** RECORD EXTRACTS follows **

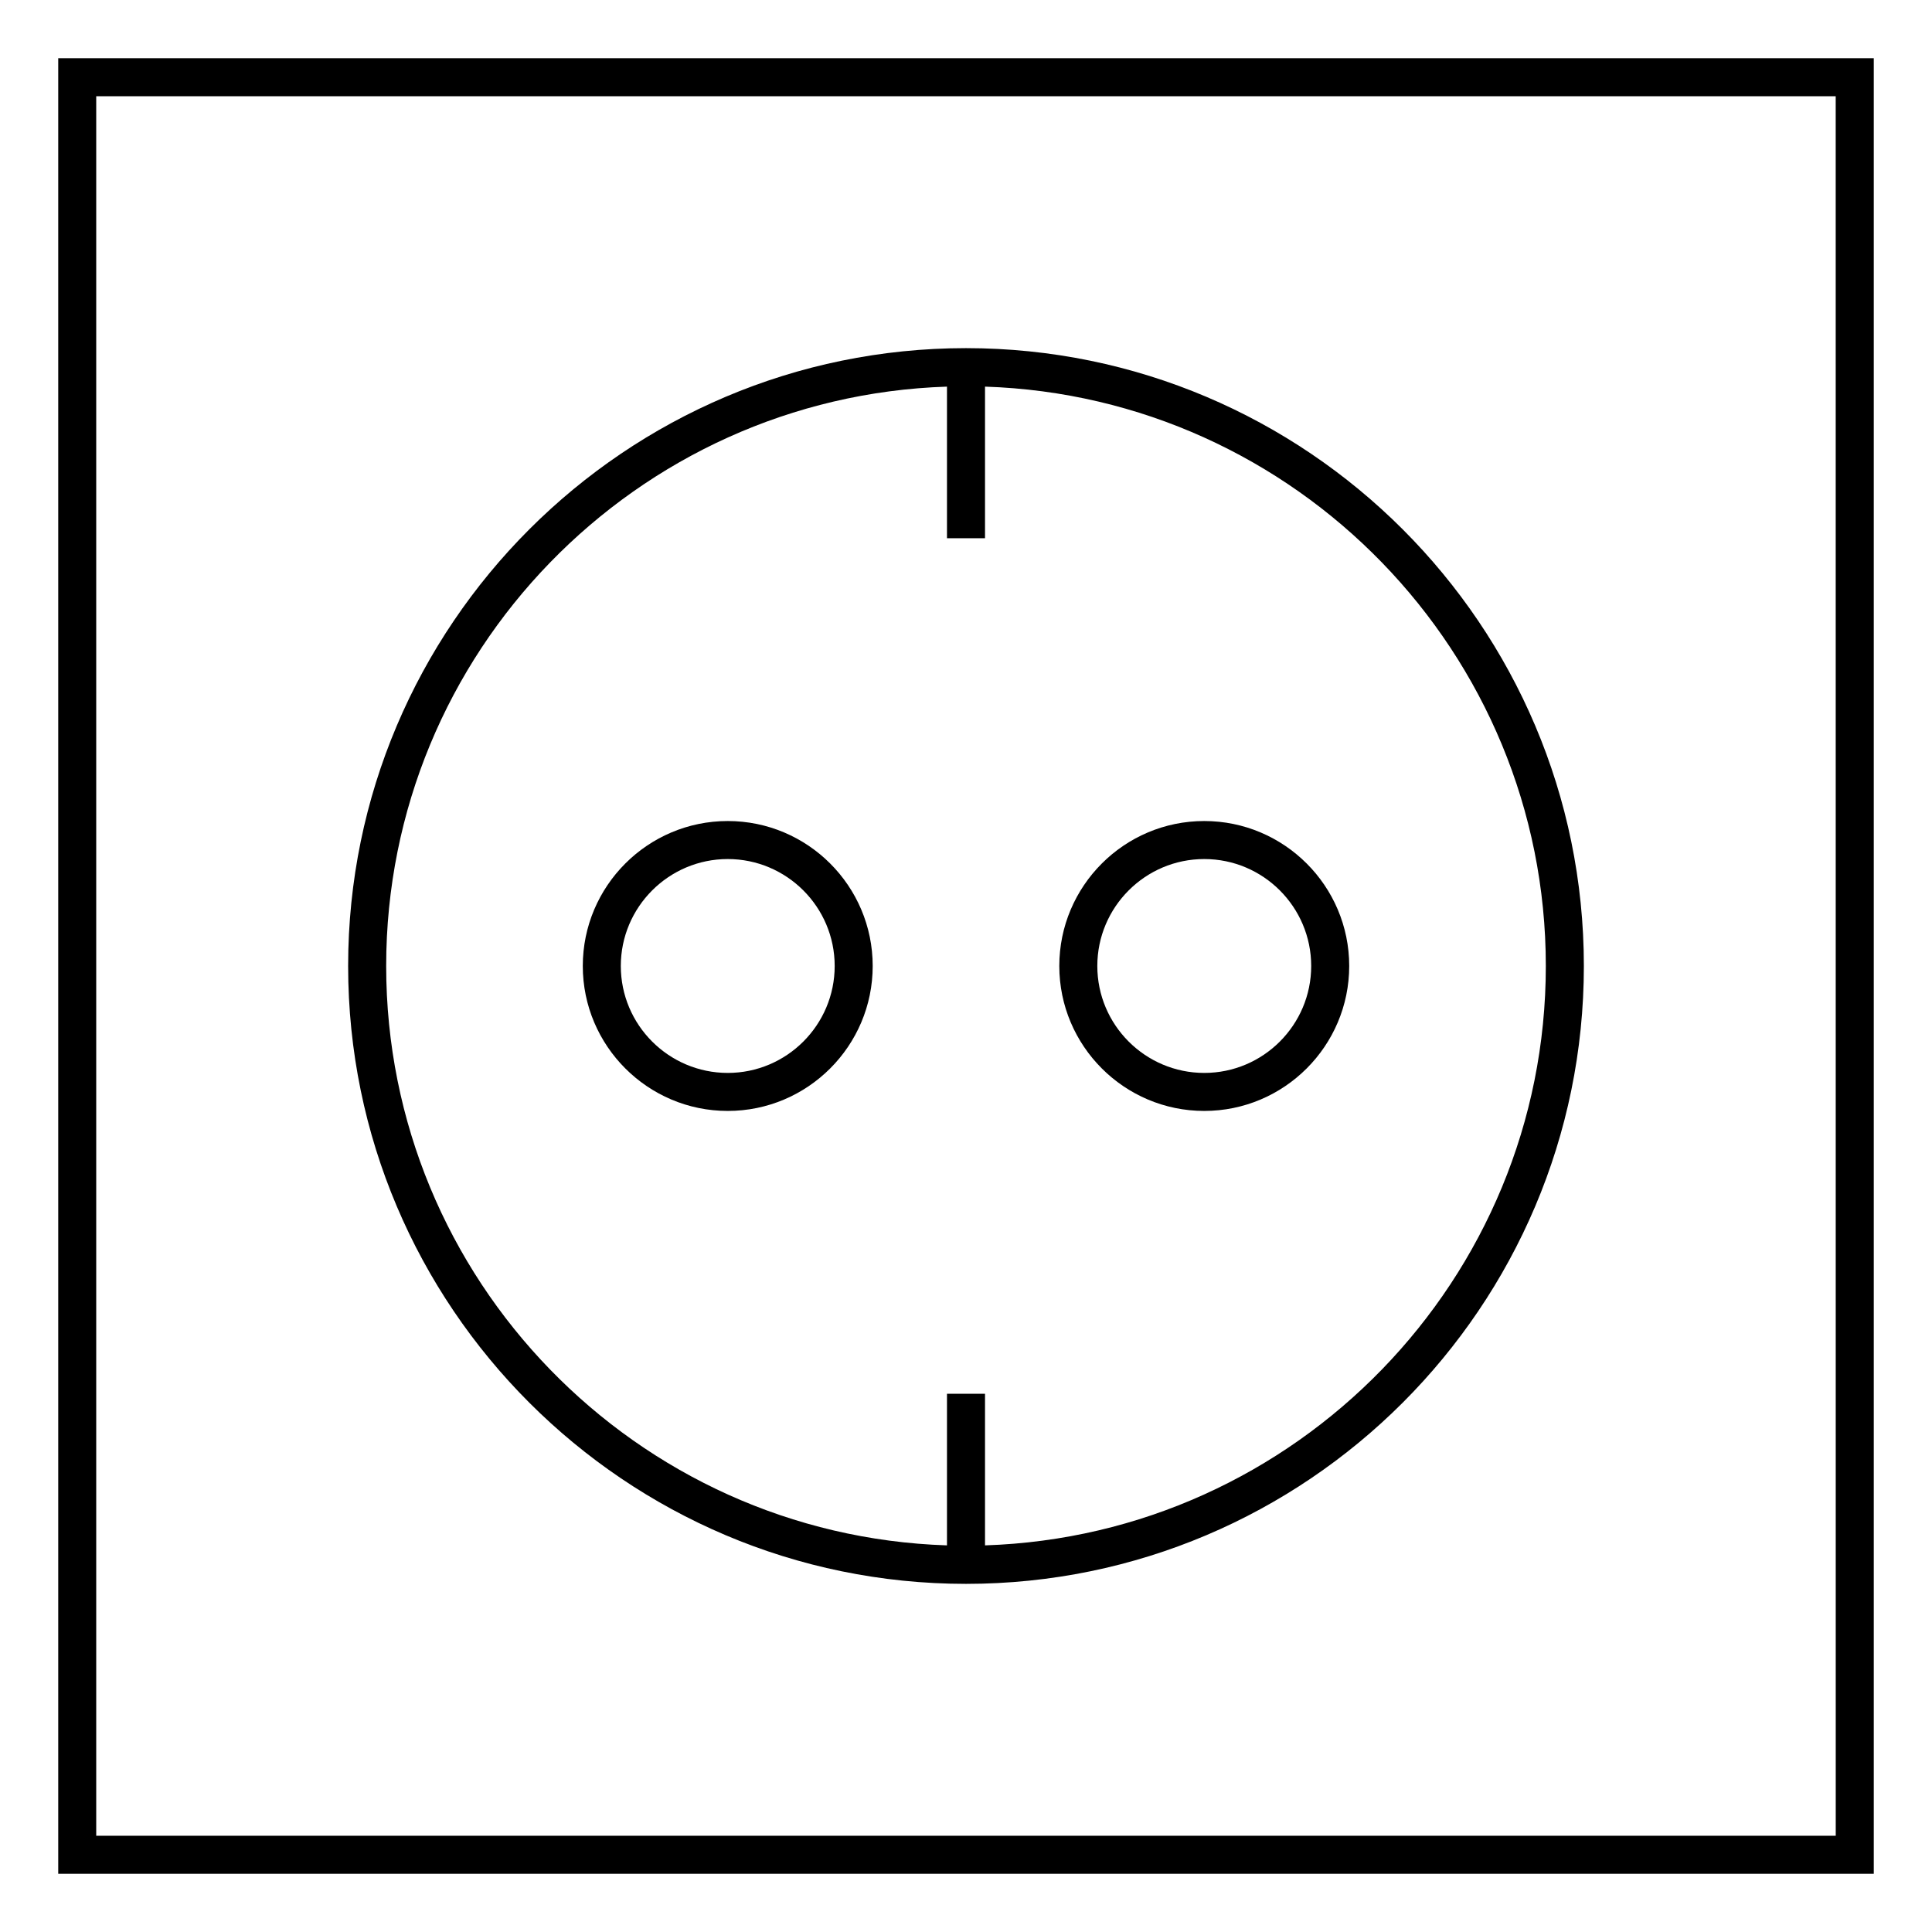 <?xml version="1.0" encoding="UTF-8"?>
<!-- Uploaded to: ICON Repo, www.iconrepo.com, Generator: ICON Repo Mixer Tools -->
<svg fill="#000000" width="800px" height="800px" version="1.1" viewBox="144 144 512 512" xmlns="http://www.w3.org/2000/svg">
 <g>
  <path d="m159.43 159.43v481.14h481.14v-481.14zm471.06 471.06h-460.99v-460.99h460.98z"/>
  <path d="m400 563.74c90.289 0 163.74-73.449 163.74-163.74 0-90.281-73.449-163.74-163.74-163.74-90.281 0-163.74 73.457-163.74 163.74 0 90.285 73.453 163.74 163.74 163.74zm-5.039-317.28v40.18h10.078v-40.18c82.395 2.676 148.62 70.5 148.62 153.54 0 83.035-66.227 150.86-148.62 153.54v-40.18h-10.078v40.18c-82.398-2.676-148.62-70.5-148.62-153.54 0-83.039 66.223-150.86 148.62-153.54z"/>
  <path d="m336.86 438.41c21.184 0 38.414-17.234 38.414-38.414 0-21.184-17.23-38.414-38.414-38.414-21.184 0-38.414 17.23-38.414 38.414 0 21.18 17.234 38.414 38.414 38.414zm0-66.754c15.629 0 28.34 12.711 28.34 28.34s-12.711 28.34-28.34 28.34c-15.629-0.004-28.34-12.715-28.34-28.34 0-15.629 12.719-28.34 28.34-28.34z"/>
  <path d="m463.14 438.41c21.18 0 38.414-17.234 38.414-38.414 0-21.184-17.234-38.414-38.414-38.414s-38.414 17.23-38.414 38.414c0 21.18 17.234 38.414 38.414 38.414zm0-66.754c15.629 0 28.34 12.711 28.34 28.34s-12.711 28.34-28.34 28.34c-15.629-0.004-28.34-12.715-28.34-28.34 0-15.629 12.719-28.34 28.34-28.34z"/>
 </g>
</svg>

** End of RECORD EXTRACTS **

PROBLEM STATEMENT :: Set the lines above down again, word for word, from the first through the one containing "438.41c21.184 0 38.414-17.234"; pictures excluded.

EXERCISE SOLUTION ::
 <?xml version="1.0" encoding="UTF-8"?>
<!-- Uploaded to: ICON Repo, www.iconrepo.com, Generator: ICON Repo Mixer Tools -->
<svg fill="#000000" width="800px" height="800px" version="1.1" viewBox="144 144 512 512" xmlns="http://www.w3.org/2000/svg">
 <g>
  <path d="m159.43 159.43v481.14h481.14v-481.14zm471.06 471.06h-460.99v-460.99h460.98z"/>
  <path d="m400 563.74c90.289 0 163.74-73.449 163.74-163.74 0-90.281-73.449-163.74-163.74-163.74-90.281 0-163.74 73.457-163.74 163.74 0 90.285 73.453 163.74 163.74 163.74zm-5.039-317.28v40.18h10.078v-40.18c82.395 2.676 148.62 70.5 148.62 153.54 0 83.035-66.227 150.86-148.62 153.54v-40.18h-10.078v40.18c-82.398-2.676-148.62-70.5-148.62-153.54 0-83.039 66.223-150.86 148.62-153.54z"/>
  <path d="m336.86 438.41c21.184 0 38.414-17.234 38.414-38.414 0-21.184-17.23-38.414-38.414-38.414-21.184 0-38.414 17.23-38.414 38.414 0 21.18 17.234 38.414 38.414 38.414zm0-66.754c15.629 0 28.34 12.711 28.34 28.34s-12.711 28.34-28.34 28.34c-15.629-0.004-28.34-12.715-28.34-28.34 0-15.629 12.719-28.34 28.34-28.34z"/>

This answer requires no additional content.